ACTIVITY —
Scan the data below and copy each line where "weight" occurs.

[Records from a data collection]

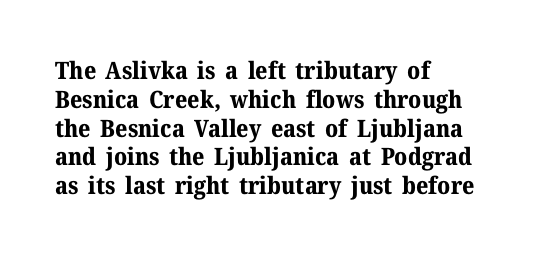
A classic flush-left, rag-right setting is used for this passage. Plenty of ink on the page — the face is bold. A typesetter would mark this as roman, not italic. In terms of letterspacing, this is plain default setting. The zone under the glyphs is completely vacant.
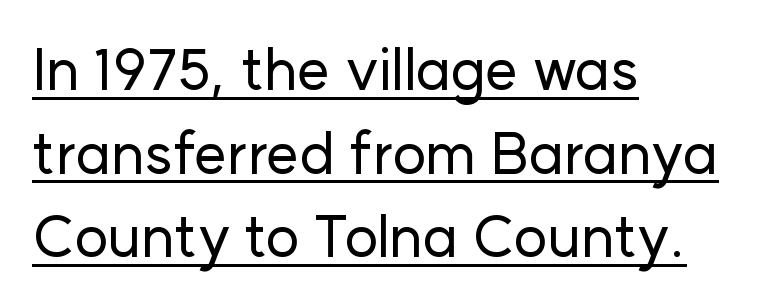
A continuous stroke trails under the words, as in a hyperlink. The rendering keeps characters at their native spacing. Which margin do the lines hug? The left one — the right edge is uneven. What's the leading like? Ordinary, nothing unusual.
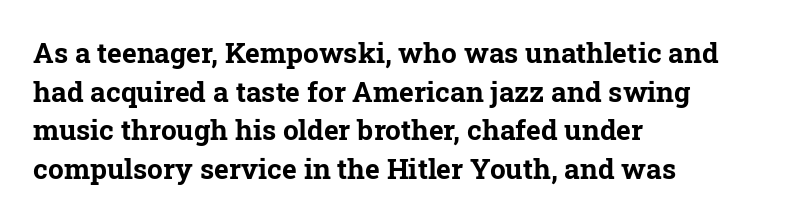
Q: Is the text bold? A: Yes.
Q: Is the text italic (slanted)? A: No, it is upright.
Q: Is the typeface a serif or a sans-serif typeface? A: Serif.
Q: Is the text underlined? A: No.
Q: How is the paragraph aligned? A: Left-aligned.
Q: Is the spacing between letters normal or unusually wide? A: Normal.
Q: Is the spacing between lines tight, normal or loose? A: Normal.
Q: Width (condensed, normal, or wide)? A: Normal.
Q: Stroke contrast? A: Low.
Q: x-height? A: Medium.
Q: Monospaced? A: No.
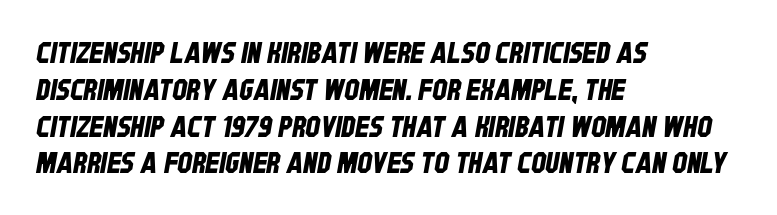
The image shows 29 px condensed sans-serif type; set left-aligned, normal line spacing (1.27x), normal letter spacing, not underlined; low stroke contrast and a large x-height.
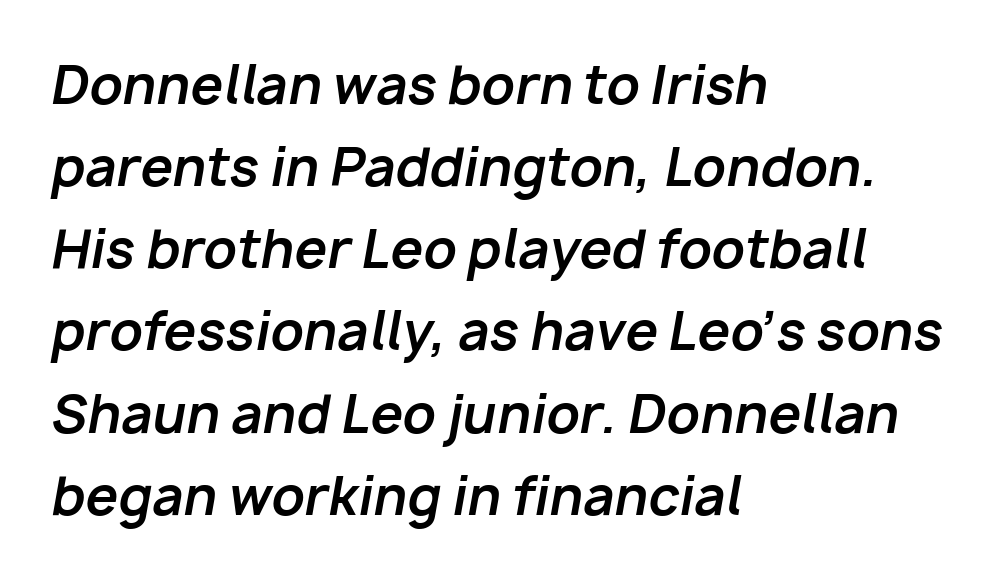
Students, observe: this is what conventionally led text looks like. Glyph-to-glyph distance matches everyday printed text. Compared with a centered layout, this one pins lines to the left instead. A typesetter would call this proportional, since set widths differ per character. Chunky letters — that's bold for sure. In terms of posture, this sample is oblique.
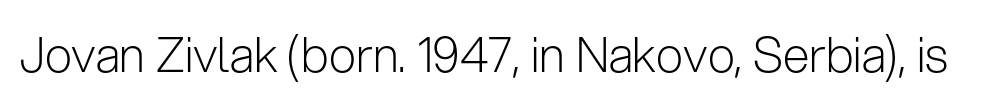
{"serif": "no", "italic": "no", "bold": "no", "weight": "light", "width": "normal", "stroke_contrast": "low", "x_height": "medium", "monospaced": "no", "underline": "no", "letter_spacing": "normal", "letter_spacing_em": 0.0, "glyph_px": 48}
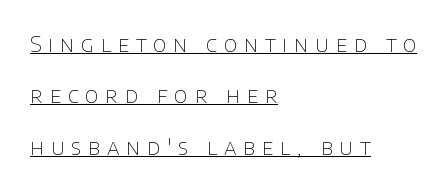
The passage shown is underscored from start to finish. The letters stand upright; this is a roman face. Every row of glyphs begins at an identical x-position on the left. Substantial extra tracking has been applied to these lines. One glance says open: line gaps are wider than usual.
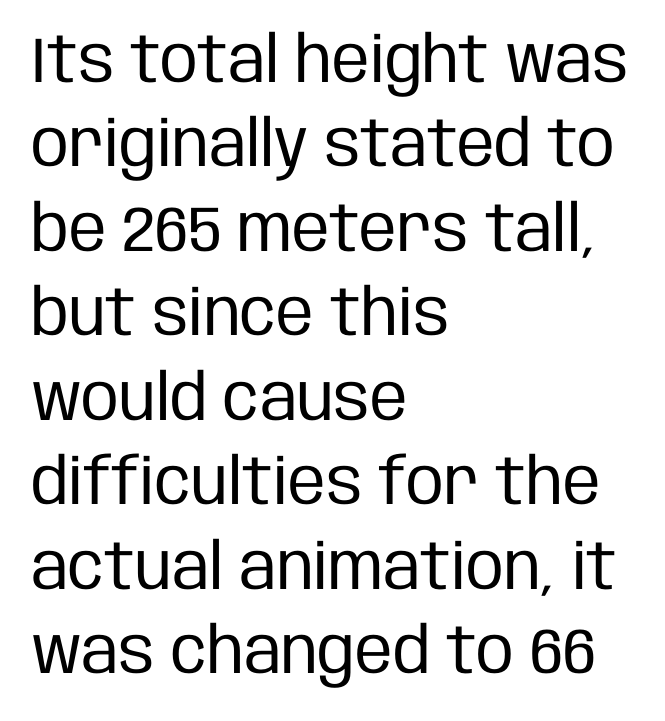
Vertically, the passage feels balanced, rows spaced as you'd expect. Varying glyph widths throughout — classic text-font behaviour. No extra tracking has been applied to these lines. The font's upright variant was chosen for this text.
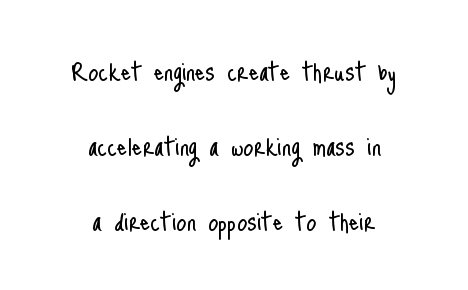
The image shows 32 px light, condensed sans-serif type, upright; set centered, loose line spacing (2.35x), normal letter spacing, not underlined; low stroke contrast and a small x-height.
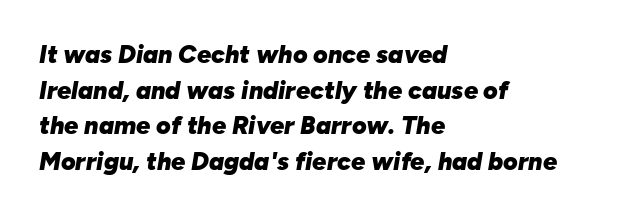
The image shows 25 px bold type, italic (leaning right); set left-aligned, normal line spacing (1.43x), normal letter spacing, not underlined.
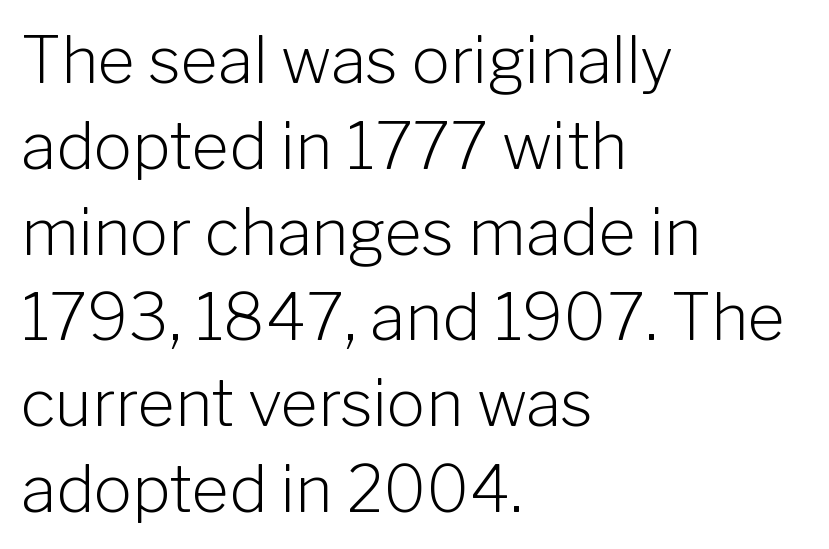
{"serif": "no", "italic": "no", "bold": "no", "weight": "light", "width": "normal", "stroke_contrast": "low", "x_height": "medium", "monospaced": "no", "underline": "no", "align": "left", "line_spacing": "normal", "line_spacing_ratio": 1.34, "letter_spacing": "normal", "letter_spacing_em": 0.0, "glyph_px": 64}

TASK RESULT —
{"serif": "no", "italic": "no", "bold": "no", "weight": "light", "width": "normal", "stroke_contrast": "low", "x_height": "medium", "monospaced": "no", "underline": "no", "letter_spacing": "normal", "letter_spacing_em": 0.0, "glyph_px": 48}
{"serif": "no", "italic": "no", "bold": "no", "weight": "light", "width": "normal", "stroke_contrast": "low", "x_height": "medium", "monospaced": "no", "underline": "no", "align": "left", "line_spacing": "normal", "line_spacing_ratio": 1.34, "letter_spacing": "normal", "letter_spacing_em": 0.0, "glyph_px": 64}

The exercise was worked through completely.